(Exercise description)
In your copy, reproduce the entries exactly as they are, minus the images.

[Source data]

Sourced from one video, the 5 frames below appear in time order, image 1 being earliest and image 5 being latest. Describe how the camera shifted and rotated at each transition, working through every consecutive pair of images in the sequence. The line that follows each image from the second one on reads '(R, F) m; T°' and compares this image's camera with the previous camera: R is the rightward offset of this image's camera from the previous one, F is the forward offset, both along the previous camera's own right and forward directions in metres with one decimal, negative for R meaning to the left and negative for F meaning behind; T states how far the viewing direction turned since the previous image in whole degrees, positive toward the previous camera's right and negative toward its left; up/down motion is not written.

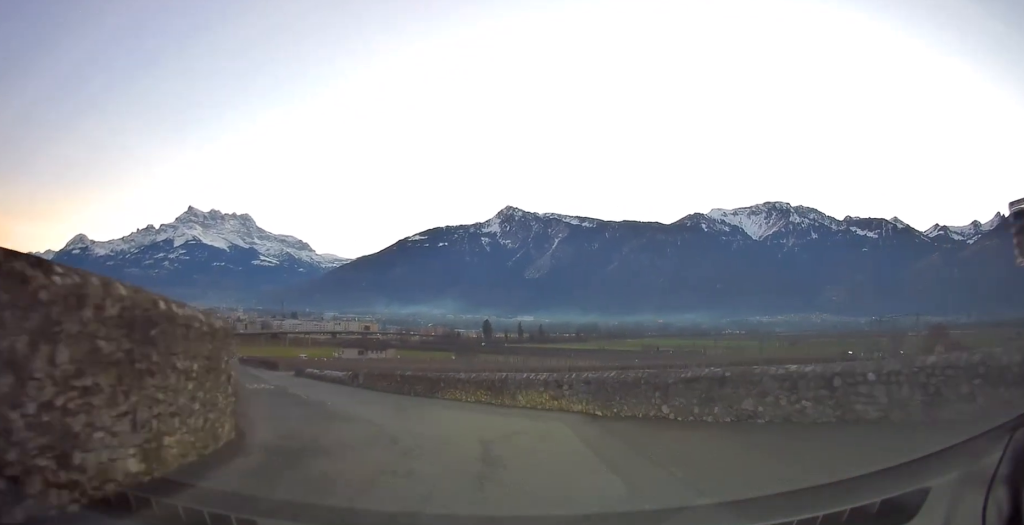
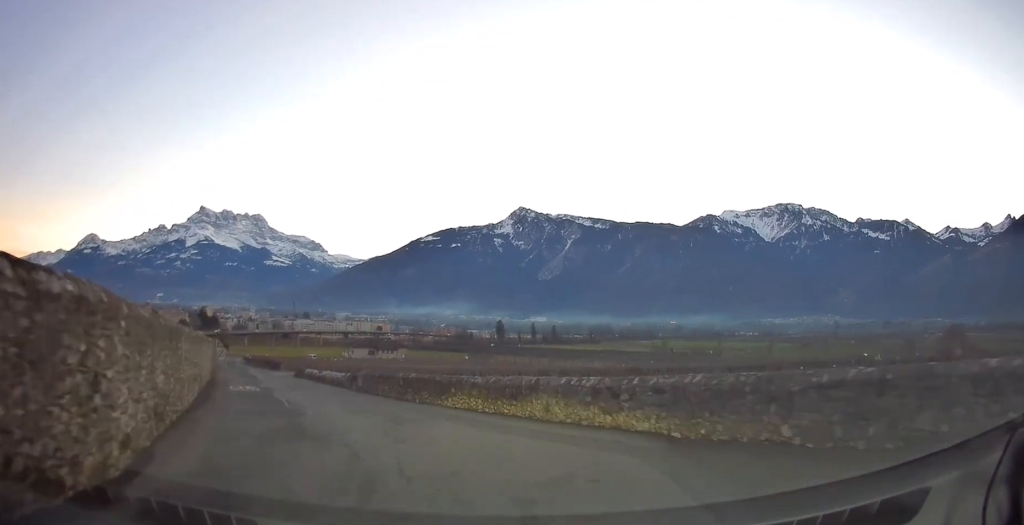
(+0.1, +3.9) m; +1°
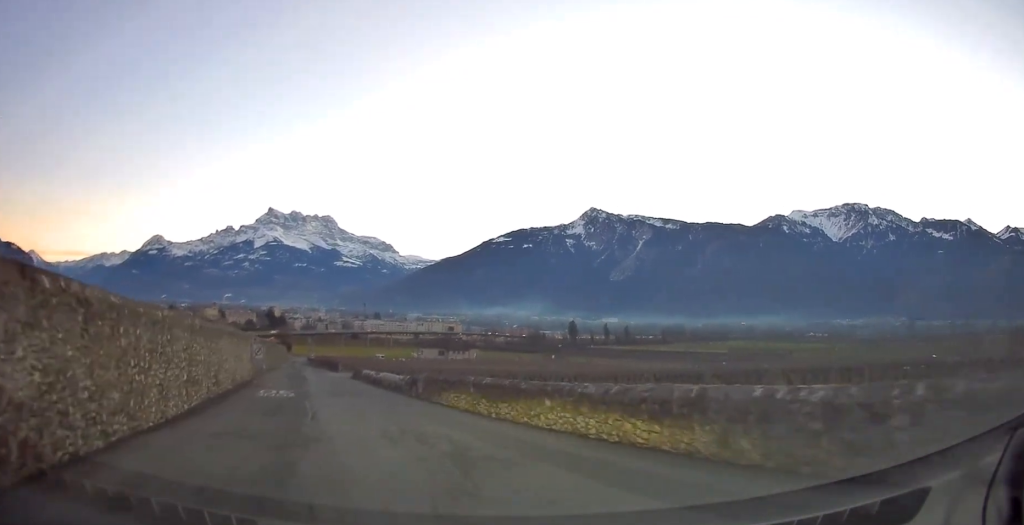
(+0.3, +5.3) m; 0°
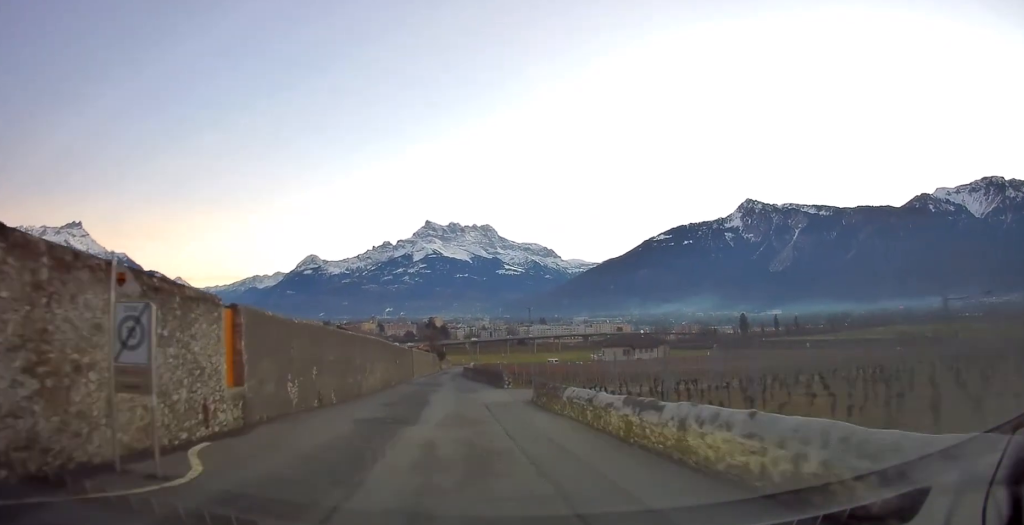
(-3.4, +23.0) m; -14°
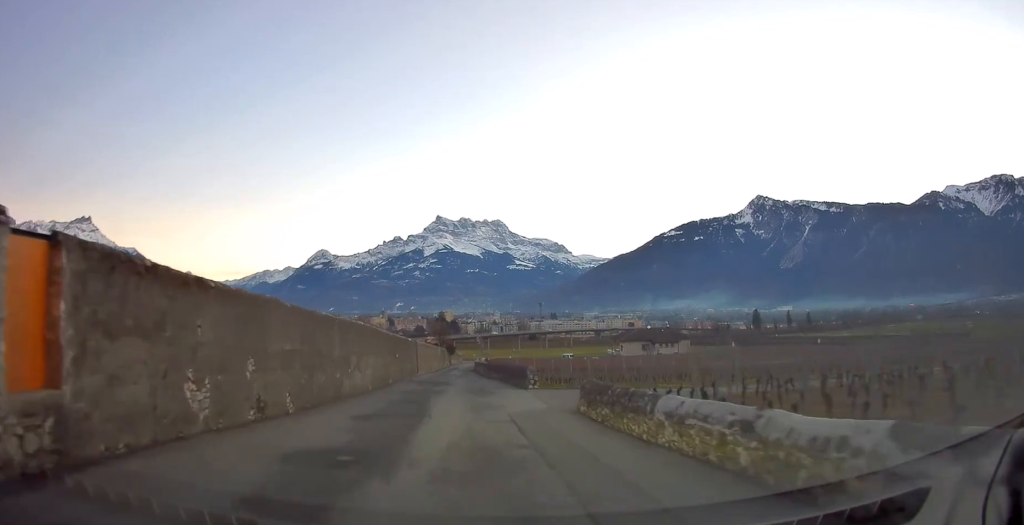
(-0.1, +6.7) m; -2°

(Exercise response)
Sourced from one video, the 5 frames below appear in time order, image 1 being earliest and image 5 being latest. Describe how the camera shifted and rotated at each transition, working through every consecutive pair of images in the sequence. The line that follows each image from the second one on reads '(R, F) m; T°' and compares this image's camera with the previous camera: R is the rightward offset of this image's camera from the previous one, F is the forward offset, both along the previous camera's own right and forward directions in metres with one decimal, negative for R meaning to the left and negative for F meaning behind; T states how far the viewing direction turned since the previous image in whole degrees, positive toward the previous camera's right and negative toward its left; up/down motion is not written.

(+0.1, +3.9) m; +1°
(+0.3, +5.3) m; 0°
(-3.4, +23.0) m; -14°
(-0.1, +6.7) m; -2°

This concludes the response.